START Data extracts

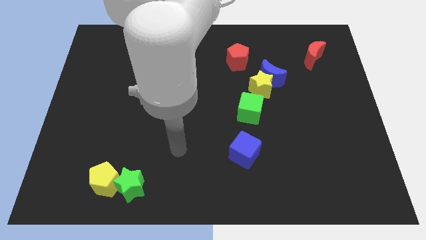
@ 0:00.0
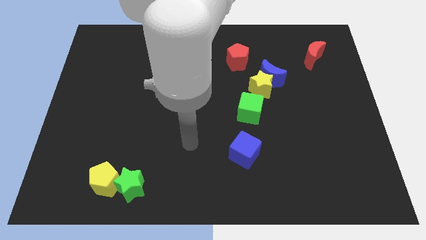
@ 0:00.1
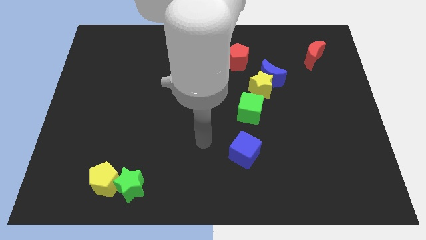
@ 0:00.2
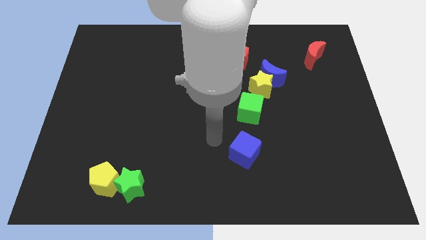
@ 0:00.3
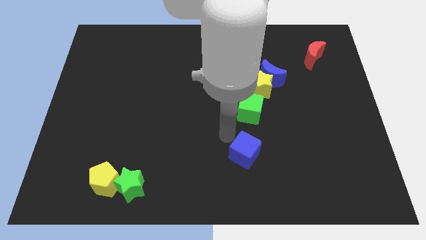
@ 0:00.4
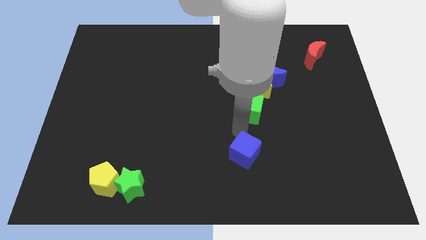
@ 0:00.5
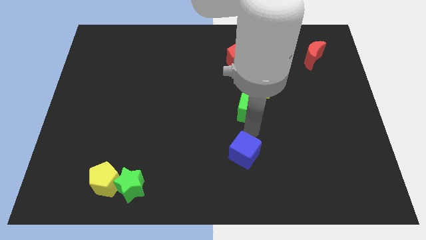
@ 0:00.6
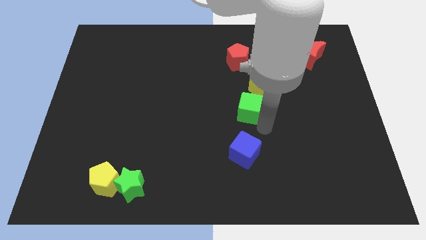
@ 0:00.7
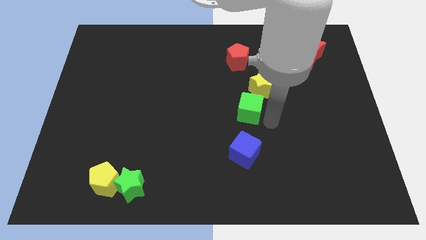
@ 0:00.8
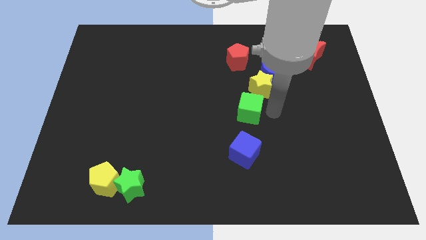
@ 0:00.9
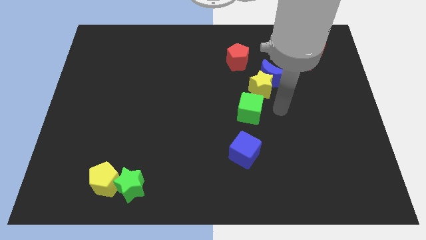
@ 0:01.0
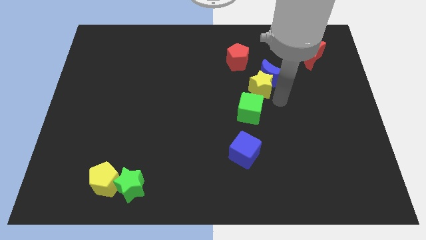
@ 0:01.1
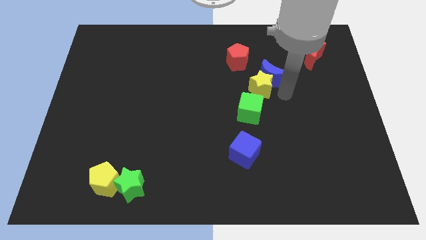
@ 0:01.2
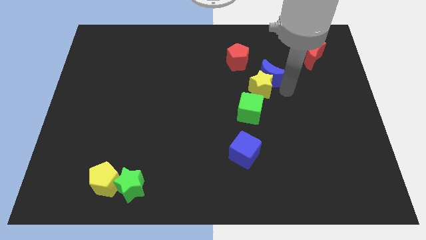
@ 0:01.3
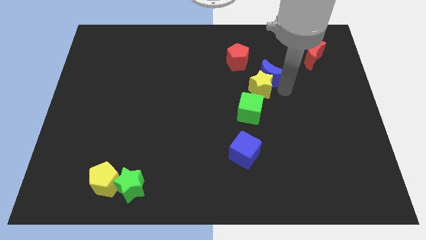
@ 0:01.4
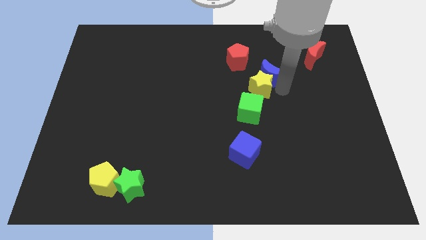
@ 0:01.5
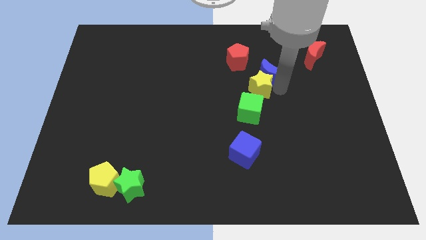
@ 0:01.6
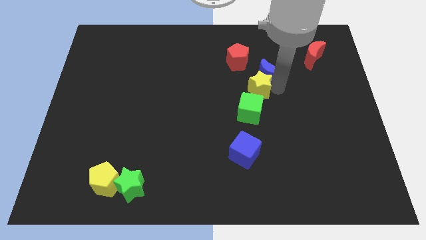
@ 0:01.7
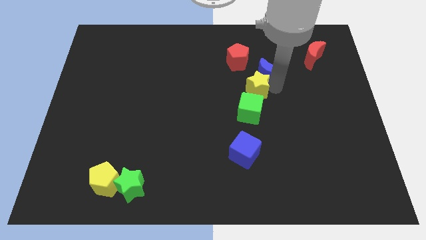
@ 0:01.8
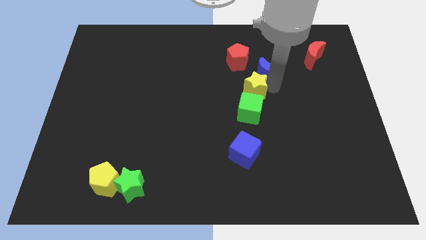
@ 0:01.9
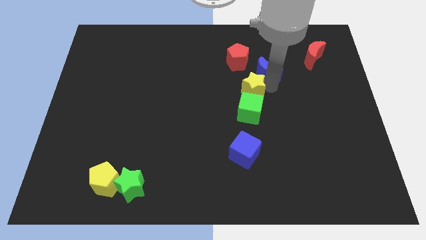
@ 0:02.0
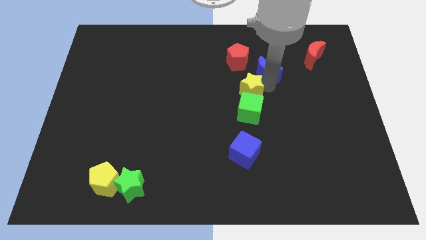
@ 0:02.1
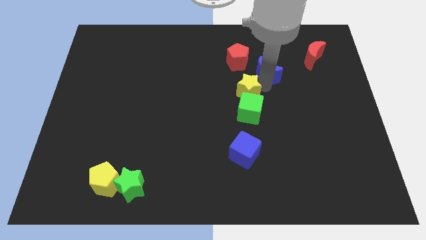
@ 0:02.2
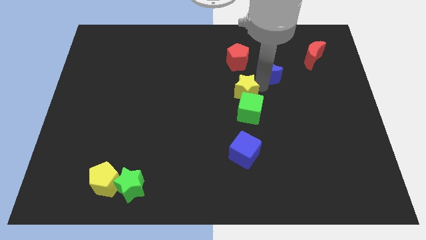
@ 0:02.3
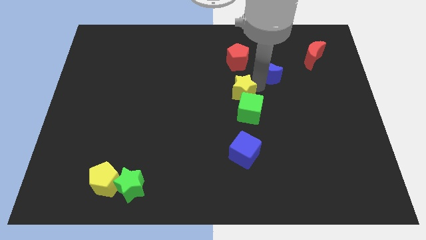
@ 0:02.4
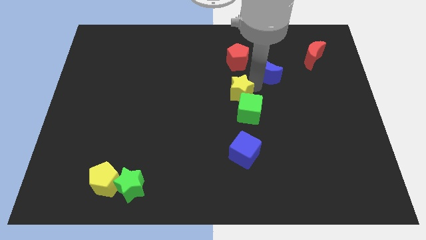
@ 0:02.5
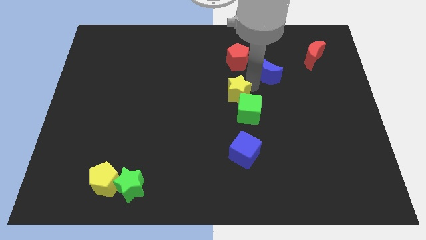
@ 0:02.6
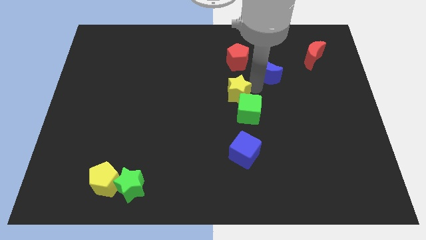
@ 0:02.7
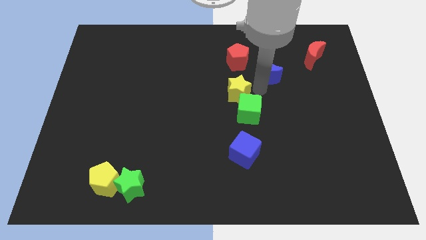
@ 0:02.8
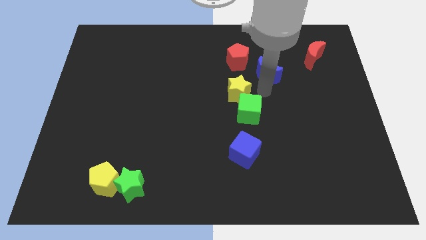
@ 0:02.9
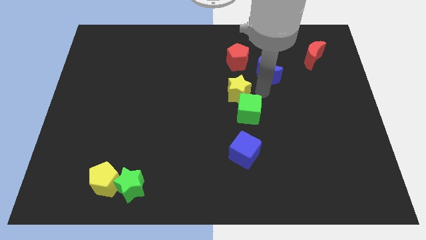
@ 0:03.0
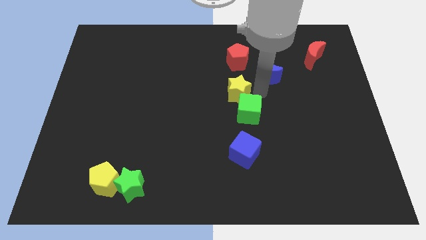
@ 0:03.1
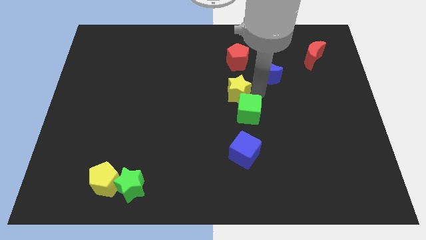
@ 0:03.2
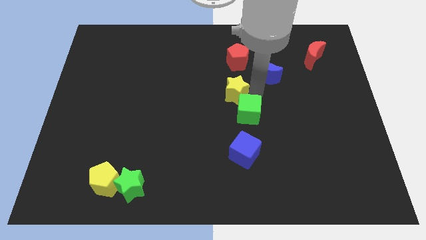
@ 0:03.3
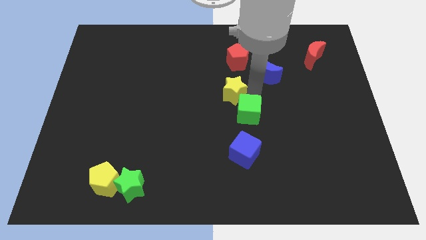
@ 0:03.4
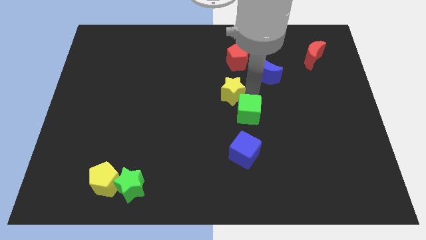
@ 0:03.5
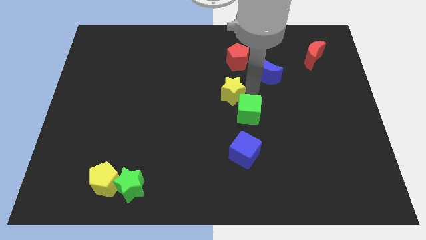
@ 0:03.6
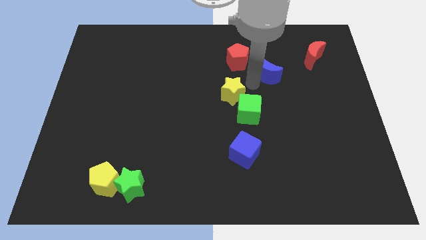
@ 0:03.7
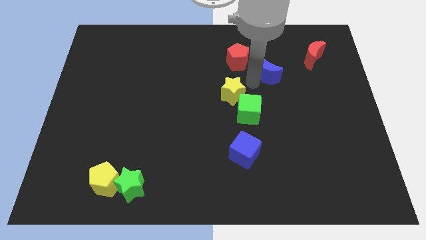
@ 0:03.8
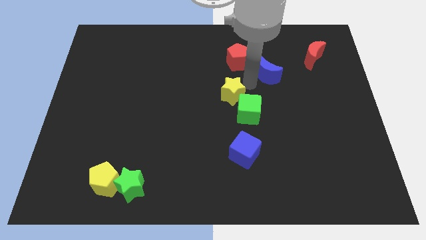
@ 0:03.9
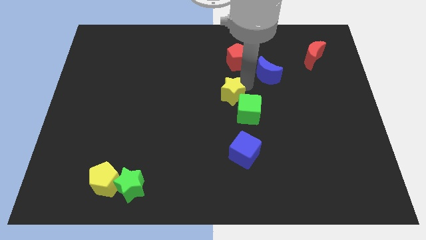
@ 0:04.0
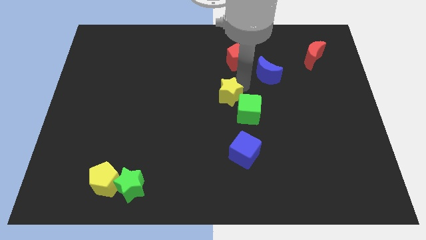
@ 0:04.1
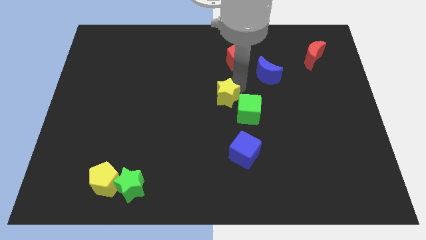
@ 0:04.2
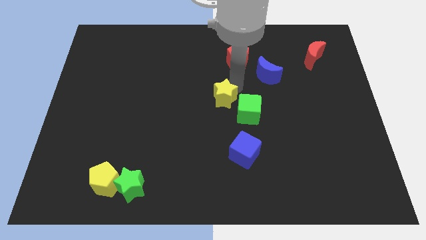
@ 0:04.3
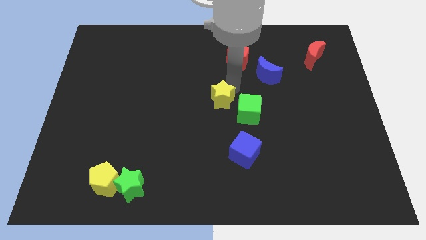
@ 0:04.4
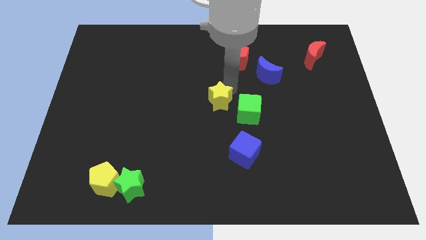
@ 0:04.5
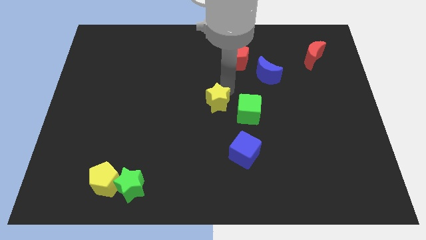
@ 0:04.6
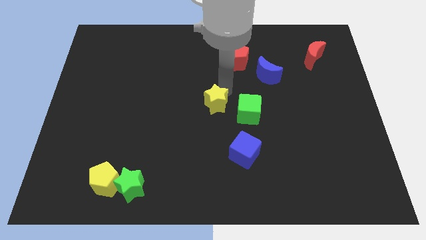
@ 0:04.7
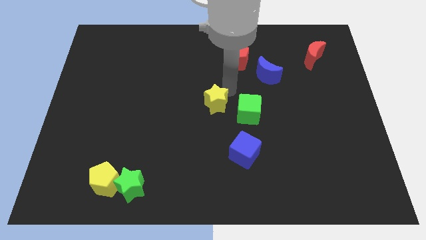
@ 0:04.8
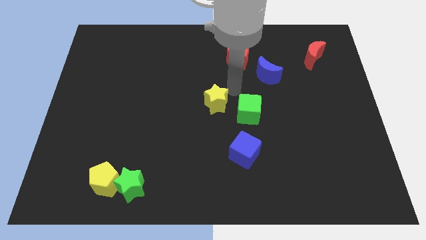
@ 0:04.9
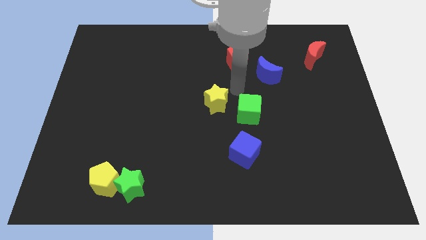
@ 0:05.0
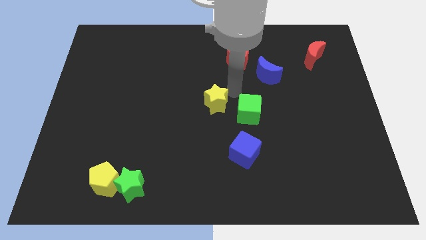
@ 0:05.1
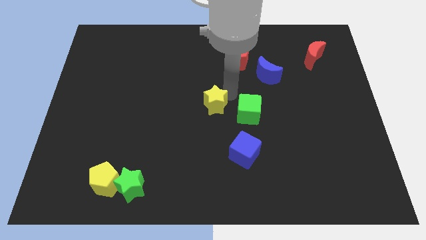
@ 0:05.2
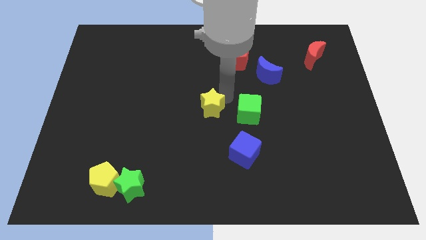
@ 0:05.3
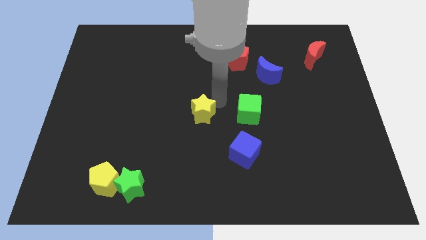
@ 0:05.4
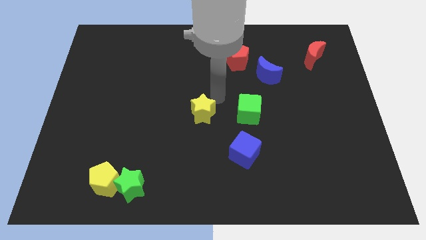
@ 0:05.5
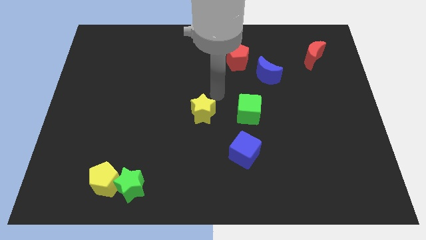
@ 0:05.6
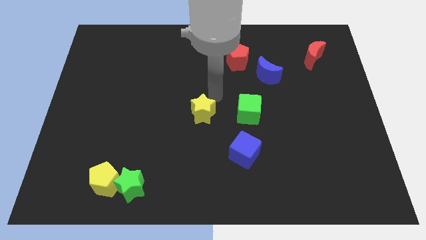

END Data extracts

# [What you have to do]
Exact copy, no pictures: return the entries word for word.

# [Result of this task]
@ 0:00.0
@ 0:00.1
@ 0:00.2
@ 0:00.3
@ 0:00.4
@ 0:00.5
@ 0:00.6
@ 0:00.7
@ 0:00.8
@ 0:00.9
@ 0:01.0
@ 0:01.1
@ 0:01.2
@ 0:01.3
@ 0:01.4
@ 0:01.5
@ 0:01.6
@ 0:01.7
@ 0:01.8
@ 0:01.9
@ 0:02.0
@ 0:02.1
@ 0:02.2
@ 0:02.3
@ 0:02.4
@ 0:02.5
@ 0:02.6
@ 0:02.7
@ 0:02.8
@ 0:02.9
@ 0:03.0
@ 0:03.1
@ 0:03.2
@ 0:03.3
@ 0:03.4
@ 0:03.5
@ 0:03.6
@ 0:03.7
@ 0:03.8
@ 0:03.9
@ 0:04.0
@ 0:04.1
@ 0:04.2
@ 0:04.3
@ 0:04.4
@ 0:04.5
@ 0:04.6
@ 0:04.7
@ 0:04.8
@ 0:04.9
@ 0:05.0
@ 0:05.1
@ 0:05.2
@ 0:05.3
@ 0:05.4
@ 0:05.5
@ 0:05.6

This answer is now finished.